It’s just not the same story that much of the American news media is incredulously — at times hysterically — telling.
The “caravan crisis,” said an ABC News graphic, added with some classic false-equivalency in its chyron: “Both sides seizing on immigration as mid-term nears.”
An “army,” was how the Associated Press described the migrants in a much-criticized tweet that was later deleted.
It’s all a wonderful pre-midterms gift to President Trump, who on Monday declared those moving northward through Mexico a national emergency for the United States.
An “onslaught,” he called it — a word that was quickly picked up as a quote in headlines everywhere. In one tweet, he referred to an “assault on our country.”
As Aidan McLaughlin wrote in Mediaite, the panel members rejected fearmongering in favor of what sounded strangely like that forgotten balm: good sense.
“Treating this as an ‘invasion’ is a bad idea, and it’s going to end horribly,” one panelist said. “People have to realize these are human beings coming here, and there needs to be a real solution offered in dealing with it.”
In the meantime, though, the migrants — trashed as criminals and maybe even terrorists — serve as a perfect foil for Trump, at the perfect time.
The president needs a dependable enemy, as he proves constantly in his harsh rhetoric against the news media.
But once again, that despised enemy manages to help him at every turn.
But some journalists are getting it right, navigating Trump’s mendacity and race-baiting deftly, fairly and accurately. We lift up some of those below.

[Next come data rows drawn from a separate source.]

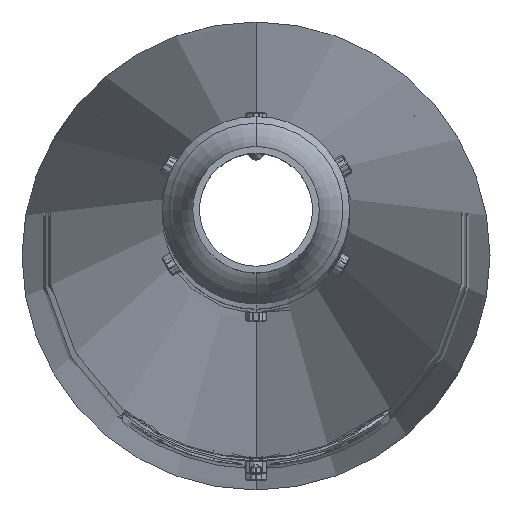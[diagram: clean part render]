
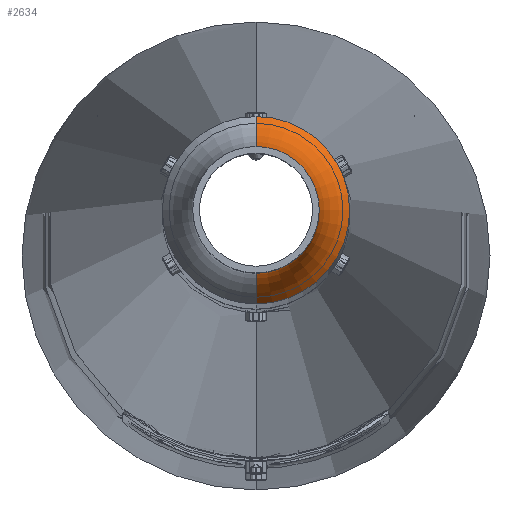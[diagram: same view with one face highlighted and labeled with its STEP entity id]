
A CAD part, top view. The second image highlights one B-rep face of the part: STEP entity #2634.
In plain terms, the highlighted toroidal (fillet/blend) face has major radius 90 mm and minor radius 60 mm.
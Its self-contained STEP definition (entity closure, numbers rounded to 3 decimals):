
#404 = VERTEX_POINT ( 'NONE', #5742 ) ;
#542 = VERTEX_POINT ( 'NONE', #4148 ) ;
#600 = EDGE_CURVE ( 'NONE', #2093, #7706, #823, .T. ) ;
#723 = EDGE_CURVE ( 'NONE', #7706, #404, #7635, .T. ) ;
#823 = CIRCLE ( 'NONE', #1409, 30. ) ;
#1167 = EDGE_CURVE ( 'NONE', #2093, #542, #4395, .T. ) ;
#1237 = DIRECTION ( 'NONE',  ( 1., 0., 0. ) ) ;
#1406 = CARTESIAN_POINT ( 'NONE',  ( 0., 1389.054, -30. ) ) ;
#1409 = AXIS2_PLACEMENT_3D ( 'NONE', #7016, #5779, #2971 ) ;
#1487 = ORIENTED_EDGE ( 'NONE', *, *, #600, .F. ) ;
#2093 = VERTEX_POINT ( 'NONE', #1406 ) ;
#2154 = DIRECTION ( 'NONE',  ( 0., 1., 0. ) ) ;
#2264 = DIRECTION ( 'NONE',  ( 0., 0., 1. ) ) ;
#2539 = CIRCLE ( 'NONE', #9074, 44.45 ) ;
#2634 = ADVANCED_FACE ( 'NONE', ( #5219 ), #7817, .F. ) ;
#2852 = ORIENTED_EDGE ( 'NONE', *, *, #7298, .T. ) ;
#2971 = DIRECTION ( 'NONE',  ( 0., 0., 1. ) ) ;
#3500 = EDGE_LOOP ( 'NONE', ( #1487, #4741, #2852, #7241 ) ) ;
#4037 = DIRECTION ( 'NONE',  ( 0., 0., -1. ) ) ;
#4148 = CARTESIAN_POINT ( 'NONE',  ( 0., 1350., -44.45 ) ) ;
#4395 = CIRCLE ( 'NONE', #5584, 60. ) ;
#4741 = ORIENTED_EDGE ( 'NONE', *, *, #1167, .T. ) ;
#4868 = AXIS2_PLACEMENT_3D ( 'NONE', #7233, #5078, #2264 ) ;
#5078 = DIRECTION ( 'NONE',  ( 0., 1., 0. ) ) ;
#5219 = FACE_OUTER_BOUND ( 'NONE', #3500, .T. ) ;
#5430 = CARTESIAN_POINT ( 'NONE',  ( 0., 1389.054, -90. ) ) ;
#5584 = AXIS2_PLACEMENT_3D ( 'NONE', #5430, #1237, #4037 ) ;
#5742 = CARTESIAN_POINT ( 'NONE',  ( 0., 1350., 44.45 ) ) ;
#5779 = DIRECTION ( 'NONE',  ( 0., 1., 0. ) ) ;
#6025 = CARTESIAN_POINT ( 'NONE',  ( 0., 1389.054, 90. ) ) ;
#6287 = CARTESIAN_POINT ( 'NONE',  ( 0., 1389.054, 30. ) ) ;
#6659 = DIRECTION ( 'NONE',  ( -1., 0., 0. ) ) ;
#7016 = CARTESIAN_POINT ( 'NONE',  ( 0., 1389.054, 0. ) ) ;
#7233 = CARTESIAN_POINT ( 'NONE',  ( 0., 1389.054, 0. ) ) ;
#7241 = ORIENTED_EDGE ( 'NONE', *, *, #723, .F. ) ;
#7298 = EDGE_CURVE ( 'NONE', #542, #404, #2539, .T. ) ;
#7635 = CIRCLE ( 'NONE', #8529, 60. ) ;
#7706 = VERTEX_POINT ( 'NONE', #6287 ) ;
#7817 = TOROIDAL_SURFACE ( 'NONE', #4868, 90., 60. ) ;
#8377 = DIRECTION ( 'NONE',  ( 0., 0., 1. ) ) ;
#8529 = AXIS2_PLACEMENT_3D ( 'NONE', #6025, #6659, #8836 ) ;
#8836 = DIRECTION ( 'NONE',  ( 0., 0., 1. ) ) ;
#9074 = AXIS2_PLACEMENT_3D ( 'NONE', #9134, #2154, #8377 ) ;
#9134 = CARTESIAN_POINT ( 'NONE',  ( 0., 1350., 0. ) ) ;
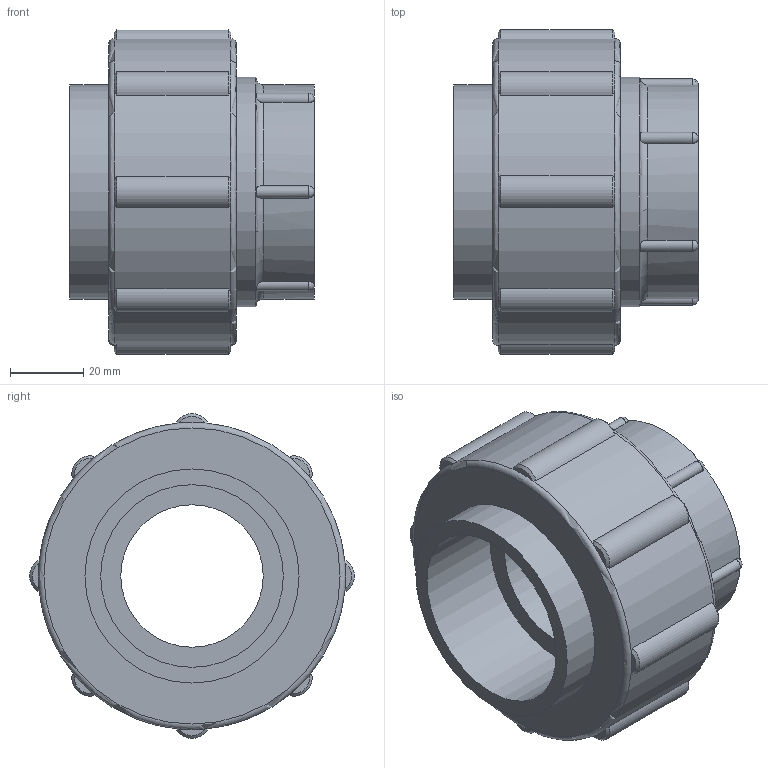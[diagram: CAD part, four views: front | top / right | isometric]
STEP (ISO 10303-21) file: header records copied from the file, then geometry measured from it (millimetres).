
FILE_DESCRIPTION(/* description */ ('PE100 Union for socket welding, Ø50, PN16'),/* implementation_level */ '2;1');
FILE_NAME(/* name */ 'BIE-RC-050',/* time_stamp */ '2023-01-10T10:01:21+01:00',/* author */ ('COAB Solutions'),/* organization */ ('GPA Flowsystem'),/* preprocessor_version */ 'www.coabsolutions.com - creating and organizing all your 3D drawings',/* originating_system */ 'Autodesk Inventor 2021',/* authorisation */ '');
FILE_SCHEMA (('AUTOMOTIVE_DESIGN { 1 0 10303 214 3 1 1 }'));
Length unit declared in the file: millimetre
Products named in the file (1): BIE-RC-050
Bounding box: 67 x 88.96 x 88.96 mm (x, y, z)
Volume: 166097 mm3; surface area: 33797.4 mm2
Topology: 1 solids, 1 shells, 80 faces, 200 edges, 120 vertices
Faces by surface type: cylinder 33, plane 21, cone 17, sphere 6, torus 3
Full cylindrical faces by diameter (mm): 39 x1, 50 x2, 58.6 x1, 62.9 x1
Entity records: 2757 total; most frequent: CARTESIAN_POINT 841, DIRECTION 416, ORIENTED_EDGE 390, EDGE_CURVE 195, AXIS2_PLACEMENT_3D 191, VERTEX_POINT 120, CIRCLE 110, EDGE_LOOP 85

New York Times: “Trump and G.O.P. Candidates Escalate Race and Fear as Election Ploys”:
President Trump on Monday sharply intensified a Republican campaign to frame the midterm elections as a battle over immigration and race, issuing a dark and factually baseless warning that “unknown Middle Easterners” were marching toward the American border with Mexico.
The unsubstantiated charge marked an escalation of Mr. Trump’s efforts to stoke fears about foreigners and crime ahead of the Nov. 6 vote, as he did to great effect in the presidential race. Mr. Trump and other Republicans are insistently seeking to tie Democrats to unfettered immigration and violent crime, and in some instances this summer and fall they have attacked minority candidates in nakedly racial terms.

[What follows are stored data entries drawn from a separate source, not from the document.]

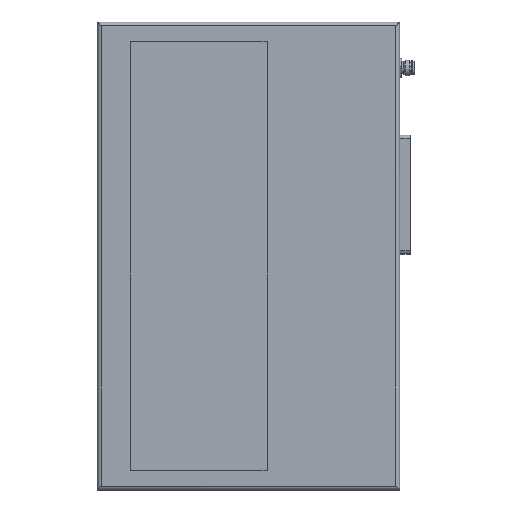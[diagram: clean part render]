
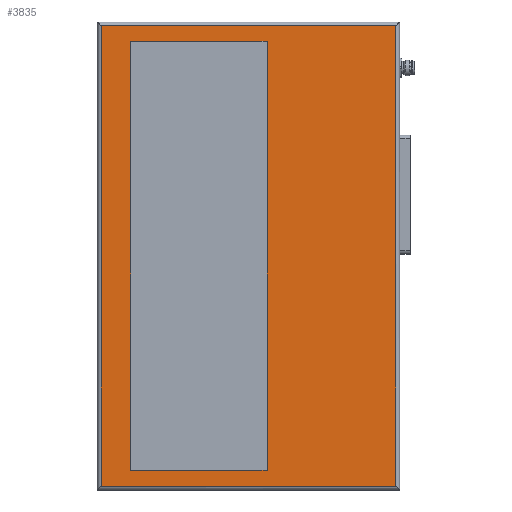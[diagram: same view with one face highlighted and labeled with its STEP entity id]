
A CAD part, top view. The second image highlights one B-rep face of the part: STEP entity #3835.
In plain terms, the highlighted face is planar.
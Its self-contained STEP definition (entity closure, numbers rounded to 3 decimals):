
#1815=ORIENTED_EDGE('',*,*,#2403,.F.);
#1816=ORIENTED_EDGE('',*,*,#2404,.F.);
#1817=ORIENTED_EDGE('',*,*,#2405,.F.);
#1818=ORIENTED_EDGE('',*,*,#2402,.F.);
#1819=ORIENTED_EDGE('',*,*,#2406,.T.);
#1820=ORIENTED_EDGE('',*,*,#2407,.T.);
#1821=ORIENTED_EDGE('',*,*,#2408,.T.);
#1822=ORIENTED_EDGE('',*,*,#2409,.T.);
#2108=VECTOR('',#2858,1.);
#2109=VECTOR('',#2861,1.);
#2110=VECTOR('',#2862,1.);
#2111=VECTOR('',#2863,1.);
#2112=VECTOR('',#2864,1.);
#2113=VECTOR('',#2865,1.);
#2114=VECTOR('',#2866,1.);
#2115=VECTOR('',#2867,1.);
#2190=LINE('',#3294,#2108);
#2191=LINE('',#3297,#2109);
#2192=LINE('',#3299,#2110);
#2193=LINE('',#3300,#2111);
#2194=LINE('',#3303,#2112);
#2195=LINE('',#3305,#2113);
#2196=LINE('',#3307,#2114);
#2197=LINE('',#3308,#2115);
#2273=VERTEX_POINT('',#3290);
#2274=VERTEX_POINT('',#3292);
#2275=VERTEX_POINT('',#3296);
#2276=VERTEX_POINT('',#3298);
#2277=VERTEX_POINT('',#3301);
#2278=VERTEX_POINT('',#3302);
#2279=VERTEX_POINT('',#3304);
#2280=VERTEX_POINT('',#3306);
#2402=EDGE_CURVE('',#2274,#2273,#2190,.T.);
#2403=EDGE_CURVE('',#2275,#2274,#2191,.T.);
#2404=EDGE_CURVE('',#2276,#2275,#2192,.T.);
#2405=EDGE_CURVE('',#2273,#2276,#2193,.T.);
#2406=EDGE_CURVE('',#2277,#2278,#2194,.T.);
#2407=EDGE_CURVE('',#2278,#2279,#2195,.T.);
#2408=EDGE_CURVE('',#2279,#2280,#2196,.T.);
#2409=EDGE_CURVE('',#2280,#2277,#2197,.T.);
#2541=EDGE_LOOP('',(#1815,#1816,#1817,#1818));
#2542=EDGE_LOOP('',(#1819,#1820,#1821,#1822));
#2679=FACE_BOUND('',#2541,.T.);
#2680=FACE_BOUND('',#2542,.T.);
#2858=DIRECTION('',(151.,0.,0.));
#2859=DIRECTION('',(0.,0.,-1.));
#2860=DIRECTION('',(0.,1.,0.));
#2861=DIRECTION('',(0.,-236.,0.));
#2862=DIRECTION('',(-151.,0.,0.));
#2863=DIRECTION('',(0.,236.,0.));
#2864=DIRECTION('',(0.,-220.,0.));
#2865=DIRECTION('',(70.,0.,0.));
#2866=DIRECTION('',(0.,220.,0.));
#2867=DIRECTION('',(-70.,0.,0.));
#3290=CARTESIAN_POINT('',(-2.,-238.,-21.));
#3292=CARTESIAN_POINT('',(-153.,-238.,-21.));
#3294=CARTESIAN_POINT('',(-153.,-238.,-21.));
#3295=CARTESIAN_POINT('',(-153.,-2.,-21.));
#3296=CARTESIAN_POINT('',(-153.,-2.,-21.));
#3297=CARTESIAN_POINT('',(-153.,-2.,-21.));
#3298=CARTESIAN_POINT('',(-2.,-2.,-21.));
#3299=CARTESIAN_POINT('',(-2.,-2.,-21.));
#3300=CARTESIAN_POINT('',(-2.,-238.,-21.));
#3301=CARTESIAN_POINT('',(-138.,-10.,-21.));
#3302=CARTESIAN_POINT('',(-138.,-230.,-21.));
#3303=CARTESIAN_POINT('',(-138.,-10.,-21.));
#3304=CARTESIAN_POINT('',(-68.,-230.,-21.));
#3305=CARTESIAN_POINT('',(-138.,-230.,-21.));
#3306=CARTESIAN_POINT('',(-68.,-10.,-21.));
#3307=CARTESIAN_POINT('',(-68.,-230.,-21.));
#3308=CARTESIAN_POINT('',(-68.,-10.,-21.));
#3630=AXIS2_PLACEMENT_3D('',#3295,#2859,#2860);
#3794=PLANE('',#3630);
#3835=ADVANCED_FACE('',(#2679,#2680),#3794,.T.);

Mr. Trump is now railing daily in speeches and on Twitter against the migrant caravan moving north through Central America, and on Monday called it a national emergency. The caravan has dominated conservative talk radio and Fox News, where there has also been loose speculation about a link to terrorism. The apparently groundless inclusion of “unknown Middle Easterners” to the caravan echoes Mr. Trump’s longstanding practice of amplifying fears about Islamic militants on the campaign trail.
In targeting the caravan, the president appears determined to end the election season with a cultural fight over national identity rather than the issues that party leaders initially wanted to run on, like tax cuts or the economy.
But Mr. Trump has not been alone in seeking to divide the electorate along racial lines this fall: As the congressional elections have approached, a number of Republican candidates and political committees have delivered messages plainly aimed at stoking cultural anxiety among white voters and even appealing to overt racism.
Washington Post: “Trump and Republicans settle on fear — and falsehoods — as a midterm strategy”:
President Trump has settled on a strategy of fear — laced with falsehoods and racially tinged rhetoric — to help lift his party to victory in the coming midterms, part of a broader effort to energize Republican voters with two weeks left until the Nov. 6 elections.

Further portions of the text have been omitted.